Data for analysis Block Start
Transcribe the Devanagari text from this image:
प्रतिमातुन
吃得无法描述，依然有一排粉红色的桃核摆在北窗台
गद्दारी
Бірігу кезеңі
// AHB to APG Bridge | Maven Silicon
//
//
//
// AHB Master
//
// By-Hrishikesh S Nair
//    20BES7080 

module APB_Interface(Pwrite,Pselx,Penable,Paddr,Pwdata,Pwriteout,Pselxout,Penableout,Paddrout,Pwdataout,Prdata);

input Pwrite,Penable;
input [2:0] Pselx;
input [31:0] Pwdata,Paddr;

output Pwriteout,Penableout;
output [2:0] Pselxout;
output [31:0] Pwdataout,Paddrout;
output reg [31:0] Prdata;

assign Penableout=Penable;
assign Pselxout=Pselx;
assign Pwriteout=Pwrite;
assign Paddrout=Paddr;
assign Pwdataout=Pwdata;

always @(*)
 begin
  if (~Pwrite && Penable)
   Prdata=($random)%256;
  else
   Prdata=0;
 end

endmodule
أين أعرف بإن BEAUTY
Data for analysis Block End
Data for analysis Block Start
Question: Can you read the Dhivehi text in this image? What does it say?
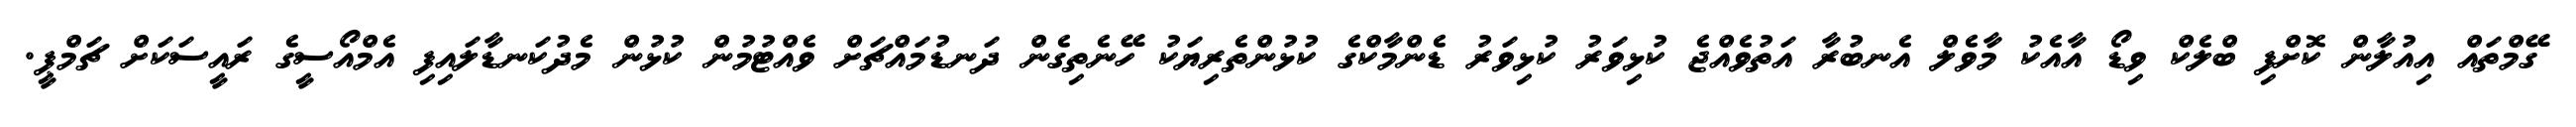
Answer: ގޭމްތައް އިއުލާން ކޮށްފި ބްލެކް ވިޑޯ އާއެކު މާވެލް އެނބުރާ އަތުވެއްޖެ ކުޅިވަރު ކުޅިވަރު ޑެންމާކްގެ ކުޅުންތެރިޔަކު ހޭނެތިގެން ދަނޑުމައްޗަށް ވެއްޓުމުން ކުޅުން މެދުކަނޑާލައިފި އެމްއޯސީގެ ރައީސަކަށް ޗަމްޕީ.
Data for analysis Block End
Data for analysis Block Start
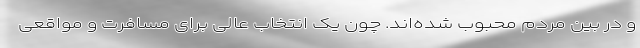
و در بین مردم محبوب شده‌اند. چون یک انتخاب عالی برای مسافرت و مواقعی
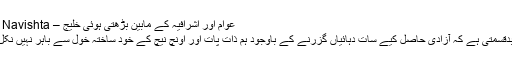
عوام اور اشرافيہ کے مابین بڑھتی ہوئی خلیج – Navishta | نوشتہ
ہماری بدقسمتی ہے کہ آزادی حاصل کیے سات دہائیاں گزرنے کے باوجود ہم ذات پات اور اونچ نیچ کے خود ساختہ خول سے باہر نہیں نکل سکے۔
Data for analysis Block End
**Assigned task:**
Working from the data above, repeat exactly, and only, the lines that begin at the line containing "Question: Can you" and stop after the line containing "Answer: ގޭމްތައް އިއުލާން"; pictures are not copied.

**Answer space:**
Question: Can you read the Dhivehi text in this image? What does it say?
Answer: ގޭމްތައް އިއުލާން ކޮށްފި ބްލެކް ވިޑޯ އާއެކު މާވެލް އެނބުރާ އަތުވެއްޖެ ކުޅިވަރު ކުޅިވަރު ޑެންމާކްގެ ކުޅުންތެރިޔަކު ހޭނެތިގެން ދަނޑުމައްޗަށް ވެއްޓުމުން ކުޅުން މެދުކަނޑާލައިފި އެމްއޯސީގެ ރައީސަކަށް ޗަމްޕީ.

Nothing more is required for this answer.